A data dictionary is a collection of metadata that contains definitions and descriptions of data elements, their types, relationships, and constraints used in a database. It acts as a reference guide for users and administrators.

b. Primary Key

A primary key is a unique identifier for each record in a table. It ensures that no duplicate or NULL values exist in the column(s) selected as the primary key.
Example: In a student table, student_id can be a primary key.

c. Relationship

A relationship defines how data in one table is related to data in another table. Common types are one-to-one, one-to-many, and many-to-many relationships.
Example: A student can enroll in multiple courses (one-to-many relationship).

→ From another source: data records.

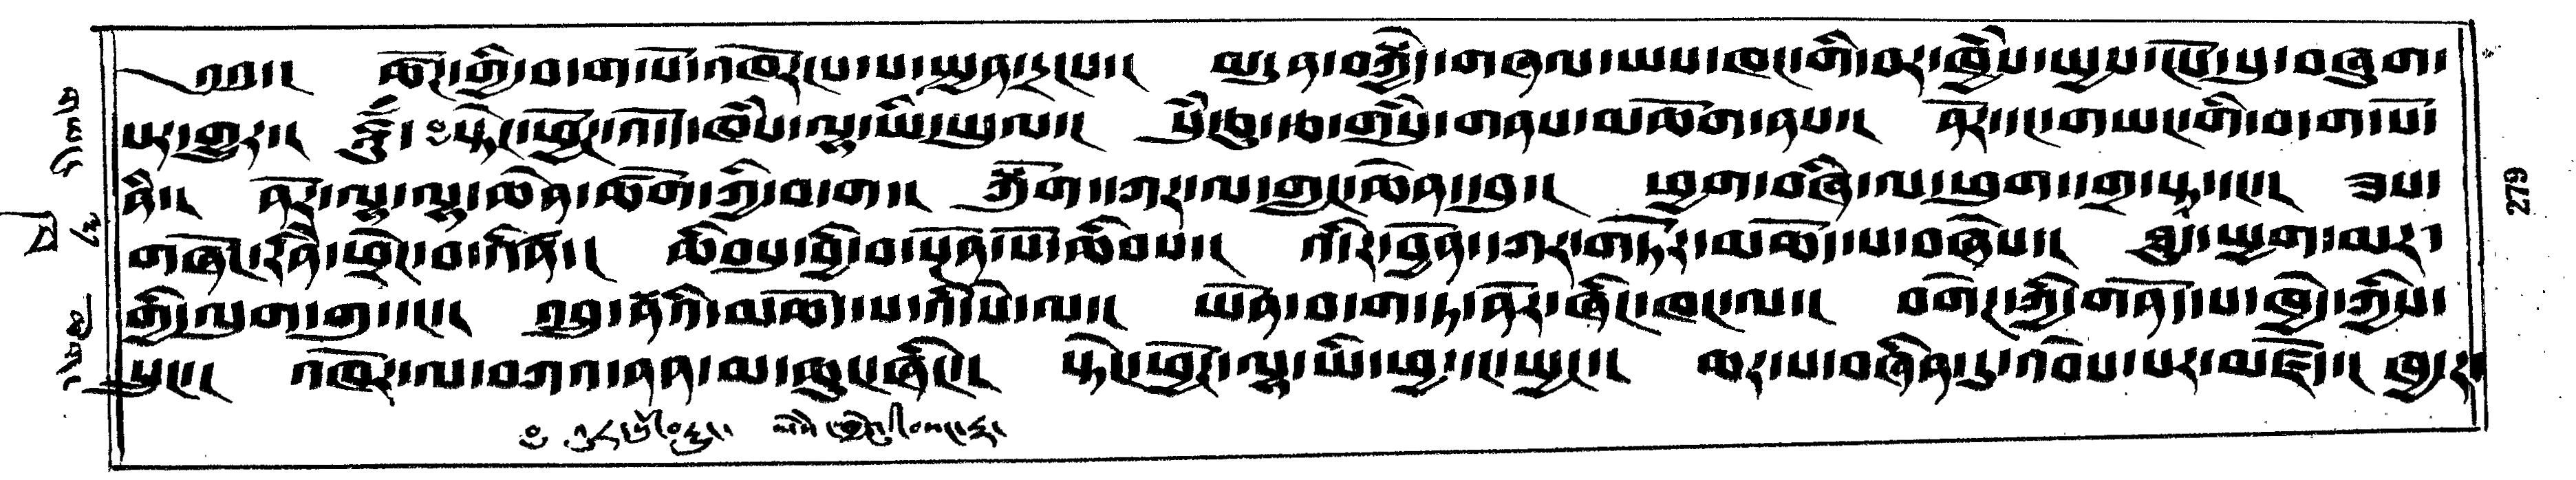ཚོགས་ཀྱི་བདག་པོ་འཁོར་དང་བཅས་པ་སྤྱན་དྲངས། མདུན་བསྐྱེད་གཞལ་ཡས་ཁང་གི་བར་ཁྱམས་གཡས་ངོས་སུ་བཞུགས་
པར་གྱུར། ཧཱུྃ། སྟེང་ཕྱོགས་འདོད་ཁམས་ལྷ་ཡི་ཡུལ། །སུམ་ཅུ་རྩ་གསུམ་གནས་མཆོག་ནས། །ནོར་དང་གཡང་གི་བདག་པོ་
ནི། །ནོར་ལྷ་ལྷ་ཆེན་ཚོགས་ཀྱི་བདག། །སྐུ་དོག་དཀར་ལ་གླང་ཆེན་དབུ། །ཕྱག་བཞི་ལ་ཕུག་དགྲ་སྟྭ་དང་། །ཟས་
གཞོང་རིན་ཆེན་ཕྲེང་བ་འཛིན། །ཆིབས་སུ་བྱི་བ་སྔོན་པོ་ཆིབས། །འདིར་བྱོན་དཀར་གཏོར་མཆོད་པ་བཞེས། །ཐུད་གཡག་མར་
གྱི་ལུག་གུ་དང་། །འབྲུ་སྣའི་མཆོད་པ་འདི་བཞེས་ལ།ཡོན་བདག་རྟ་ནོར་ཞིང་ཁང་ལ། །བགེགས་ཀྱི་གནོད་པ་ཁྱེད་ཀྱིས་
སྲུངས། །འཁོར་ལ་བཀའ་ནན་མ་ཆུང་ཞིག སྟེང་ཕྱོགས་ལྷ་ཡི་ཕྱྭ་དང་གཡང་། །ཆར་པ་བཞིན་དུ་འབེབས་པར་མཛོད། །ཁྱད་པར་

d. Data Manipulation Language (DML)

DML is a subset of SQL used to manipulate data in a database. It includes operations like INSERT, UPDATE, DELETE, and SELECT to work with the actual data.
Example:

SELECT * FROM students;

e. Structured Query Language (SQL)

SQL is a standardized language used to manage and manipulate relational databases. It includes commands for data definition, manipulation, and access control.
Example:

CREATE TABLE employees (...);

f. Data Integrity

Data integrity refers to the accuracy, consistency, and reliability of data throughout its lifecycle. It ensures data is valid and remains unchanged unless modified through authorized operations.

g. Data Definition Language (DDL)

DDL is a subset of SQL used to define and modify the structure of database objects such as tables and schemas. It includes commands like CREATE, ALTER, and DROP.
Example:

CREATE TABLE students (...);

h. Data Security

Data security involves protecting data from unauthorized access, alteration, or deletion. It includes user authentication, encryption, and access control mechanisms to ensure privacy and protection.

i. Database System

A database system is a combination of hardware, software (DBMS), data, and users that work together to store, manage, and retrieve structured data efficiently.